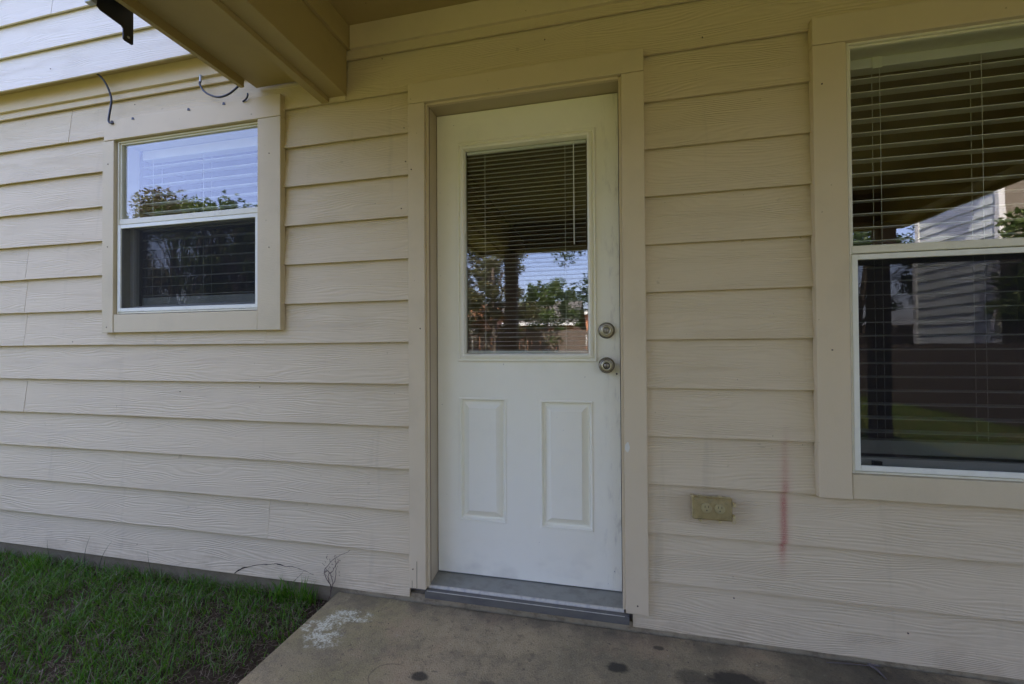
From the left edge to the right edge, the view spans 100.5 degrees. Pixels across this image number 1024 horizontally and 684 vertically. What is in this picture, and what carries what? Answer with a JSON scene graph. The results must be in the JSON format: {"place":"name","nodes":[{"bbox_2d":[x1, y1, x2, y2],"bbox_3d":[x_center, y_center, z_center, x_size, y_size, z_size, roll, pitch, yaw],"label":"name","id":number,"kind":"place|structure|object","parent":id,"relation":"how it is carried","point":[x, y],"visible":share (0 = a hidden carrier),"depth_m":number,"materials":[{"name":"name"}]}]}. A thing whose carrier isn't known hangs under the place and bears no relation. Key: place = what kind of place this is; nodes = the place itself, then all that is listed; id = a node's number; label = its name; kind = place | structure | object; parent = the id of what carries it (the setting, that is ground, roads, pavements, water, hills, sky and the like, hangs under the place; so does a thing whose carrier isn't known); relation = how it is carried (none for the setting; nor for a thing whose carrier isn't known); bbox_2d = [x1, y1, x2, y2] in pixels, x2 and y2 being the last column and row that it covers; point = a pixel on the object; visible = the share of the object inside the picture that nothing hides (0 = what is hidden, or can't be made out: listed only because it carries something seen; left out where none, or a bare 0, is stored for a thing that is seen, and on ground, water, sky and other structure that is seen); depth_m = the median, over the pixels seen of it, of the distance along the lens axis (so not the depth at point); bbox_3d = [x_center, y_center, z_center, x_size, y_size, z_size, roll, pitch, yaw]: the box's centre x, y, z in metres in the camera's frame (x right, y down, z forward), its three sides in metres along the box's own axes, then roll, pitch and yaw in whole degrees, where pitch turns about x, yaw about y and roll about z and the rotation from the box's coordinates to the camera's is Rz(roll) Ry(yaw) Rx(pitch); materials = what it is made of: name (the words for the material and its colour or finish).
{"place":"outdoors","nodes":[
{"label":"outdoors","id":0,"kind":"place"},
{"bbox_2d":[0,547,327,683],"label":"ground","id":1,"kind":"structure","parent":0,"point":[240,670],"depth_m":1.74,"materials":[{"name":"green plant"}]},
{"bbox_2d":[17,552,53,576],"bbox_3d":[-2.501,1.156,2.247,0.167,0.122,0.128,0,-1,13],"label":"grass tuft","id":2,"kind":"object","parent":1,"relation":"on","point":[36,563],"visible":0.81,"depth_m":2.23,"materials":[{"name":"green plant"}]},
{"bbox_2d":[266,574,295,605],"bbox_3d":[-1.061,1.144,1.977,0.136,0.121,0.114,-1,-1,33],"label":"grass tuft","id":3,"kind":"object","parent":1,"relation":"on","point":[278,590],"visible":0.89,"depth_m":1.97,"materials":[{"name":"green plant"}]},
{"bbox_2d":[290,577,318,606],"bbox_3d":[-0.943,1.142,1.962,0.117,0.124,0.111,-1,-1,41],"label":"grass tuft","id":4,"kind":"object","parent":1,"relation":"on","point":[304,596],"visible":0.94,"depth_m":1.95,"materials":[{"name":"green plant"}]},
{"bbox_2d":[0,0,1023,683],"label":"house","id":5,"kind":"structure","parent":1,"relation":"on","point":[322,402],"depth_m":1.91,"materials":[{"name":"paint"}]},
{"bbox_2d":[96,74,113,123],"bbox_3d":[-2.140,-1.279,2.241,0.077,0.258,0.022,0,-1,-26],"label":"cable","id":6,"kind":"object","parent":5,"relation":"attached to","point":[111,102],"visible":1,"depth_m":2.25,"materials":[{"name":"black plastic"}]},
{"bbox_2d":[117,122,257,313],"bbox_3d":[-1.648,-0.610,2.214,0.895,0.917,0.106,0,-1,13],"label":"window","id":7,"kind":"structure","parent":5,"relation":"in","point":[130,224],"depth_m":2.25,"materials":[{"name":"white plastic"}]},
{"bbox_2d":[142,136,257,305],"bbox_3d":[-1.628,-0.626,2.283,0.835,0.860,0.051,0,-1,13],"label":"window blind","id":8,"kind":"object","parent":5,"relation":"attached to","point":[226,147],"depth_m":2.28,"materials":[{"name":"beige plastic"}]},
{"bbox_2d":[198,74,244,97],"bbox_3d":[-1.428,-1.263,2.091,0.272,0.138,0.020,-1,-1,14],"label":"cable","id":9,"kind":"object","parent":5,"relation":"attached to","point":[221,96],"visible":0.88,"depth_m":2.09,"materials":[{"name":"black plastic"}]},
{"bbox_2d":[115,0,477,103],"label":"porch roof","id":10,"kind":"structure","parent":5,"relation":"attached to","point":[305,44],"depth_m":1.76,"materials":[{"name":"paint"}]},
{"bbox_2d":[85,0,132,44],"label":"mounting bracket","id":11,"kind":"object","parent":10,"relation":"attached to","point":[118,13],"visible":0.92,"depth_m":1.56,"materials":[{"name":"black metal"}]},
{"bbox_2d":[322,550,349,600],"bbox_3d":[-0.804,1.065,1.945,0.139,0.238,0.010,0,-1,11],"label":"dead vine","id":12,"kind":"object","parent":5,"relation":"attached to","point":[330,574],"visible":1,"depth_m":1.95,"materials":[{"name":"brown"}]},
{"bbox_2d":[437,93,621,590],"bbox_3d":[0.052,-0.003,1.865,0.814,2.089,0.109,0,-1,13],"label":"door","id":13,"kind":"structure","parent":5,"relation":"in","point":[529,444],"depth_m":1.86,"materials":[{"name":"white paint"}]},
{"bbox_2d":[467,139,587,352],"bbox_3d":[0.059,-0.413,1.898,0.540,0.922,0.018,0,-1,13],"label":"window blind","id":14,"kind":"object","parent":13,"relation":"attached to","point":[530,147],"depth_m":1.90,"materials":[{"name":"beige plastic"}]},
{"bbox_2d":[690,494,735,523],"bbox_3d":[0.753,0.625,1.597,0.157,0.100,0.032,0,-1,13],"label":"outlet cover","id":15,"kind":"object","parent":5,"relation":"attached to","point":[718,508],"visible":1,"depth_m":1.60,"materials":[{"name":"beige plastic"}]},
{"bbox_2d":[846,18,1023,481],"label":"window","id":16,"kind":"structure","parent":5,"relation":"in","point":[1010,29],"depth_m":1.49,"materials":[{"name":"white plastic"}]},
{"bbox_2d":[850,38,1023,459],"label":"window blind","id":17,"kind":"object","parent":5,"relation":"attached to","point":[948,56],"depth_m":1.55,"materials":[{"name":"beige plastic"}]},
{"bbox_2d":[238,592,1006,683],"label":"patio","id":18,"kind":"structure","parent":0,"point":[343,638],"depth_m":1.53,"materials":[{"name":"concrete"}]},
{"bbox_2d":[826,662,886,679],"bbox_3d":[1.186,1.122,1.479,0.166,0.009,0.062,-1,-1,25],"label":"twig","id":19,"kind":"object","parent":18,"relation":"on","point":[871,665],"visible":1,"depth_m":1.48,"materials":[{"name":"brown"}]}
]}

════

## TASK
Could you repeat all of the data exactly, minus the pictures?

## COMPLETED EXERCISE
From the left edge to the right edge, the view spans 100.5 degrees. Pixels across this image number 1024 horizontally and 684 vertically. What is in this picture, and what carries what? Answer with a JSON scene graph. The results must be in the JSON format: {"place":"name","nodes":[{"bbox_2d":[x1, y1, x2, y2],"bbox_3d":[x_center, y_center, z_center, x_size, y_size, z_size, roll, pitch, yaw],"label":"name","id":number,"kind":"place|structure|object","parent":id,"relation":"how it is carried","point":[x, y],"visible":share (0 = a hidden carrier),"depth_m":number,"materials":[{"name":"name"}]}]}. A thing whose carrier isn't known hangs under the place and bears no relation. Key: place = what kind of place this is; nodes = the place itself, then all that is listed; id = a node's number; label = its name; kind = place | structure | object; parent = the id of what carries it (the setting, that is ground, roads, pavements, water, hills, sky and the like, hangs under the place; so does a thing whose carrier isn't known); relation = how it is carried (none for the setting; nor for a thing whose carrier isn't known); bbox_2d = [x1, y1, x2, y2] in pixels, x2 and y2 being the last column and row that it covers; point = a pixel on the object; visible = the share of the object inside the picture that nothing hides (0 = what is hidden, or can't be made out: listed only because it carries something seen; left out where none, or a bare 0, is stored for a thing that is seen, and on ground, water, sky and other structure that is seen); depth_m = the median, over the pixels seen of it, of the distance along the lens axis (so not the depth at point); bbox_3d = [x_center, y_center, z_center, x_size, y_size, z_size, roll, pitch, yaw]: the box's centre x, y, z in metres in the camera's frame (x right, y down, z forward), its three sides in metres along the box's own axes, then roll, pitch and yaw in whole degrees, where pitch turns about x, yaw about y and roll about z and the rotation from the box's coordinates to the camera's is Rz(roll) Ry(yaw) Rx(pitch); materials = what it is made of: name (the words for the material and its colour or finish).
{"place":"outdoors","nodes":[
{"label":"outdoors","id":0,"kind":"place"},
{"bbox_2d":[0,547,327,683],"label":"ground","id":1,"kind":"structure","parent":0,"point":[240,670],"depth_m":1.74,"materials":[{"name":"green plant"}]},
{"bbox_2d":[17,552,53,576],"bbox_3d":[-2.501,1.156,2.247,0.167,0.122,0.128,0,-1,13],"label":"grass tuft","id":2,"kind":"object","parent":1,"relation":"on","point":[36,563],"visible":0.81,"depth_m":2.23,"materials":[{"name":"green plant"}]},
{"bbox_2d":[266,574,295,605],"bbox_3d":[-1.061,1.144,1.977,0.136,0.121,0.114,-1,-1,33],"label":"grass tuft","id":3,"kind":"object","parent":1,"relation":"on","point":[278,590],"visible":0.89,"depth_m":1.97,"materials":[{"name":"green plant"}]},
{"bbox_2d":[290,577,318,606],"bbox_3d":[-0.943,1.142,1.962,0.117,0.124,0.111,-1,-1,41],"label":"grass tuft","id":4,"kind":"object","parent":1,"relation":"on","point":[304,596],"visible":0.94,"depth_m":1.95,"materials":[{"name":"green plant"}]},
{"bbox_2d":[0,0,1023,683],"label":"house","id":5,"kind":"structure","parent":1,"relation":"on","point":[322,402],"depth_m":1.91,"materials":[{"name":"paint"}]},
{"bbox_2d":[96,74,113,123],"bbox_3d":[-2.140,-1.279,2.241,0.077,0.258,0.022,0,-1,-26],"label":"cable","id":6,"kind":"object","parent":5,"relation":"attached to","point":[111,102],"visible":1,"depth_m":2.25,"materials":[{"name":"black plastic"}]},
{"bbox_2d":[117,122,257,313],"bbox_3d":[-1.648,-0.610,2.214,0.895,0.917,0.106,0,-1,13],"label":"window","id":7,"kind":"structure","parent":5,"relation":"in","point":[130,224],"depth_m":2.25,"materials":[{"name":"white plastic"}]},
{"bbox_2d":[142,136,257,305],"bbox_3d":[-1.628,-0.626,2.283,0.835,0.860,0.051,0,-1,13],"label":"window blind","id":8,"kind":"object","parent":5,"relation":"attached to","point":[226,147],"depth_m":2.28,"materials":[{"name":"beige plastic"}]},
{"bbox_2d":[198,74,244,97],"bbox_3d":[-1.428,-1.263,2.091,0.272,0.138,0.020,-1,-1,14],"label":"cable","id":9,"kind":"object","parent":5,"relation":"attached to","point":[221,96],"visible":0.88,"depth_m":2.09,"materials":[{"name":"black plastic"}]},
{"bbox_2d":[115,0,477,103],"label":"porch roof","id":10,"kind":"structure","parent":5,"relation":"attached to","point":[305,44],"depth_m":1.76,"materials":[{"name":"paint"}]},
{"bbox_2d":[85,0,132,44],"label":"mounting bracket","id":11,"kind":"object","parent":10,"relation":"attached to","point":[118,13],"visible":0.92,"depth_m":1.56,"materials":[{"name":"black metal"}]},
{"bbox_2d":[322,550,349,600],"bbox_3d":[-0.804,1.065,1.945,0.139,0.238,0.010,0,-1,11],"label":"dead vine","id":12,"kind":"object","parent":5,"relation":"attached to","point":[330,574],"visible":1,"depth_m":1.95,"materials":[{"name":"brown"}]},
{"bbox_2d":[437,93,621,590],"bbox_3d":[0.052,-0.003,1.865,0.814,2.089,0.109,0,-1,13],"label":"door","id":13,"kind":"structure","parent":5,"relation":"in","point":[529,444],"depth_m":1.86,"materials":[{"name":"white paint"}]},
{"bbox_2d":[467,139,587,352],"bbox_3d":[0.059,-0.413,1.898,0.540,0.922,0.018,0,-1,13],"label":"window blind","id":14,"kind":"object","parent":13,"relation":"attached to","point":[530,147],"depth_m":1.90,"materials":[{"name":"beige plastic"}]},
{"bbox_2d":[690,494,735,523],"bbox_3d":[0.753,0.625,1.597,0.157,0.100,0.032,0,-1,13],"label":"outlet cover","id":15,"kind":"object","parent":5,"relation":"attached to","point":[718,508],"visible":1,"depth_m":1.60,"materials":[{"name":"beige plastic"}]},
{"bbox_2d":[846,18,1023,481],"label":"window","id":16,"kind":"structure","parent":5,"relation":"in","point":[1010,29],"depth_m":1.49,"materials":[{"name":"white plastic"}]},
{"bbox_2d":[850,38,1023,459],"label":"window blind","id":17,"kind":"object","parent":5,"relation":"attached to","point":[948,56],"depth_m":1.55,"materials":[{"name":"beige plastic"}]},
{"bbox_2d":[238,592,1006,683],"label":"patio","id":18,"kind":"structure","parent":0,"point":[343,638],"depth_m":1.53,"materials":[{"name":"concrete"}]},
{"bbox_2d":[826,662,886,679],"bbox_3d":[1.186,1.122,1.479,0.166,0.009,0.062,-1,-1,25],"label":"twig","id":19,"kind":"object","parent":18,"relation":"on","point":[871,665],"visible":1,"depth_m":1.48,"materials":[{"name":"brown"}]}
]}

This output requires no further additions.